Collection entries
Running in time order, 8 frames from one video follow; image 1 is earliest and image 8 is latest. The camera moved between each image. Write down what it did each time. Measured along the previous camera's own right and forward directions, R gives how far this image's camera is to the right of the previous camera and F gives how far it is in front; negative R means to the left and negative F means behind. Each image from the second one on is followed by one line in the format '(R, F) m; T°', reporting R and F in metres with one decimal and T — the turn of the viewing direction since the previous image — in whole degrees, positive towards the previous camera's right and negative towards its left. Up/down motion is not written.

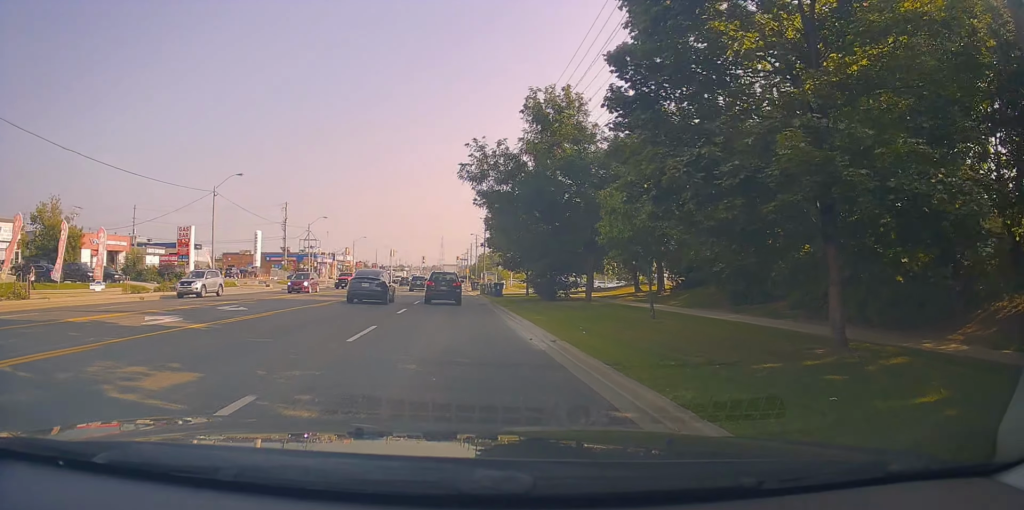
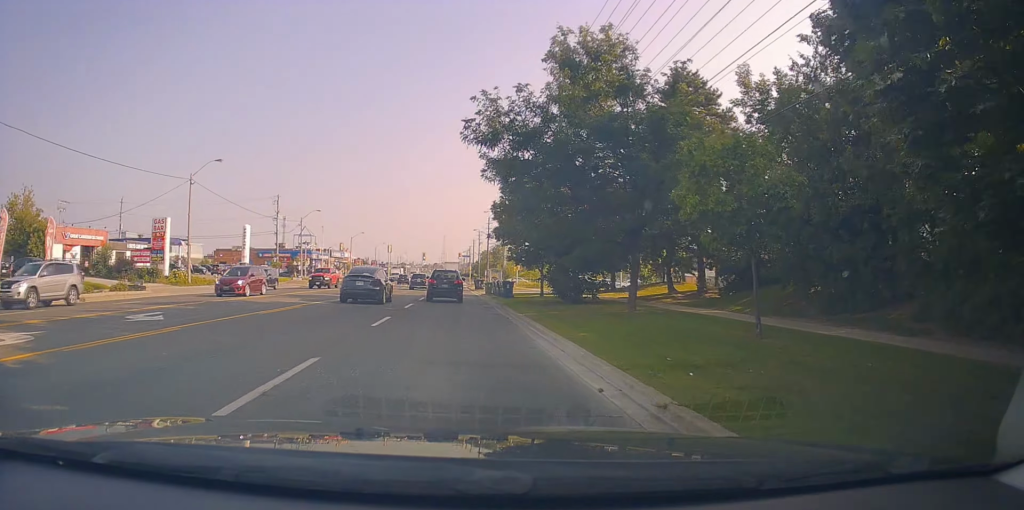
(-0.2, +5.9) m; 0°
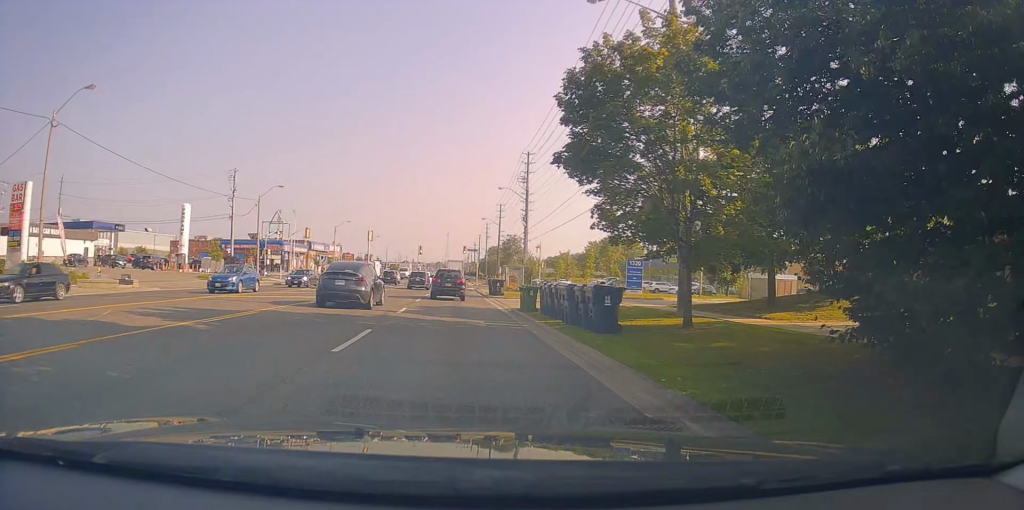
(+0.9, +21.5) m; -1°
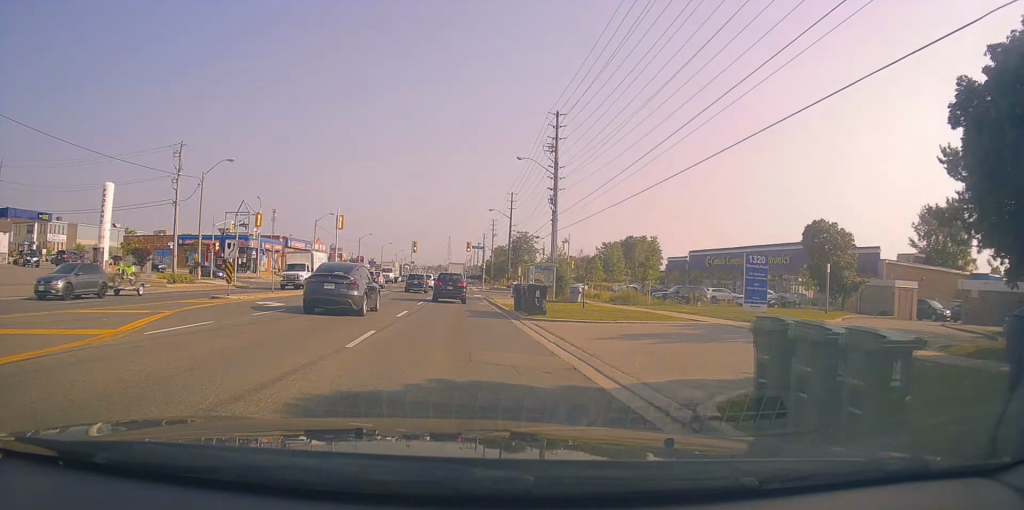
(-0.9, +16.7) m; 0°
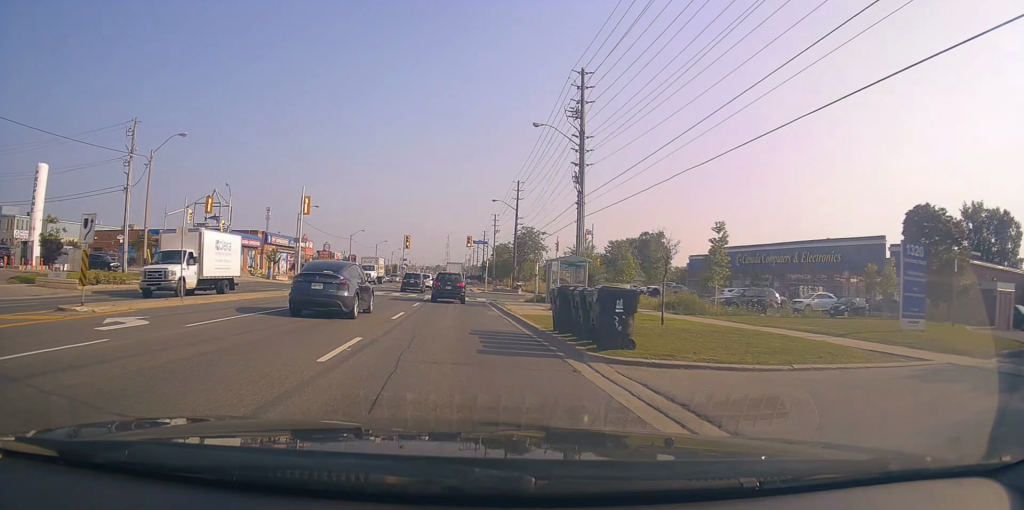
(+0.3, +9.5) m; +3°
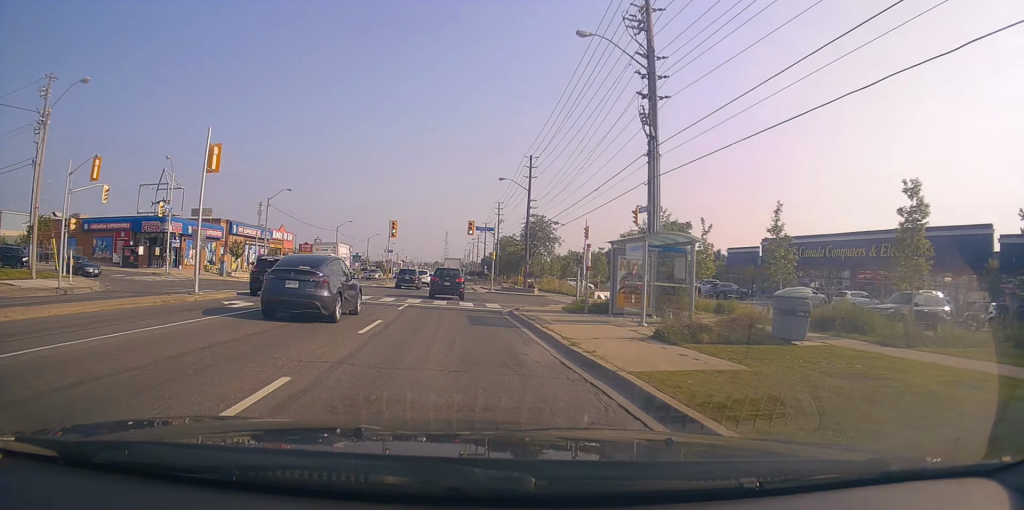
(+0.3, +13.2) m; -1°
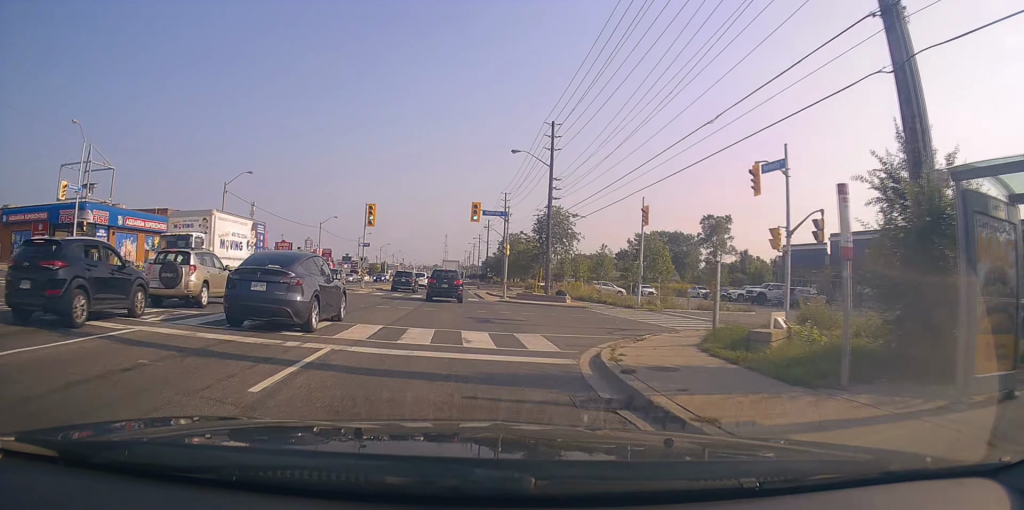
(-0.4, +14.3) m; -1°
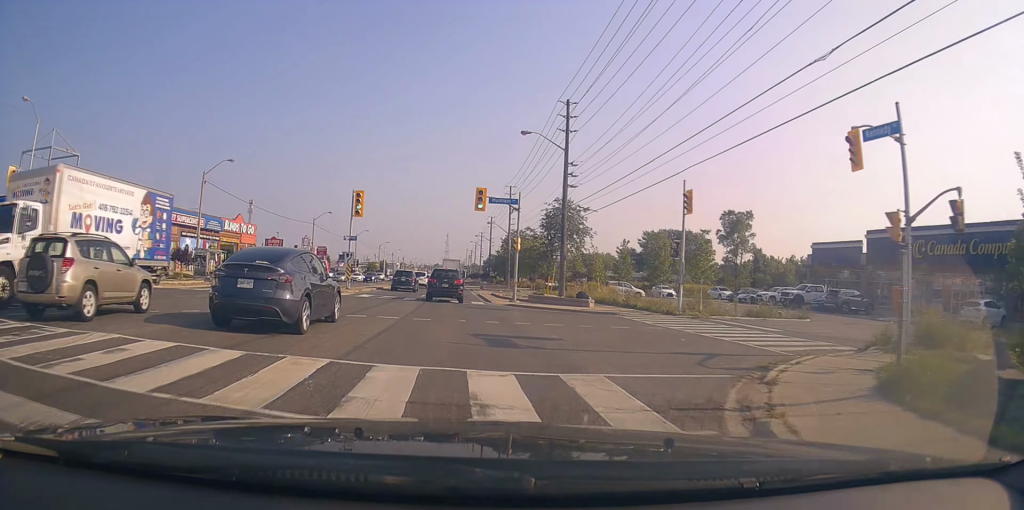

= ASSIGNMENT =
Exact copies of all the entries are needed; output them without the pictures.

= RESULT OF THE TASK =
Running in time order, 8 frames from one video follow; image 1 is earliest and image 8 is latest. The camera moved between each image. Write down what it did each time. Measured along the previous camera's own right and forward directions, R gives how far this image's camera is to the right of the previous camera and F gives how far it is in front; negative R means to the left and negative F means behind. Each image from the second one on is followed by one line in the format '(R, F) m; T°', reporting R and F in metres with one decimal and T — the turn of the viewing direction since the previous image — in whole degrees, positive towards the previous camera's right and negative towards its left. Up/down motion is not written.

(-0.2, +5.9) m; 0°
(+0.9, +21.5) m; -1°
(-0.9, +16.7) m; 0°
(+0.3, +9.5) m; +3°
(+0.3, +13.2) m; -1°
(-0.4, +14.3) m; -1°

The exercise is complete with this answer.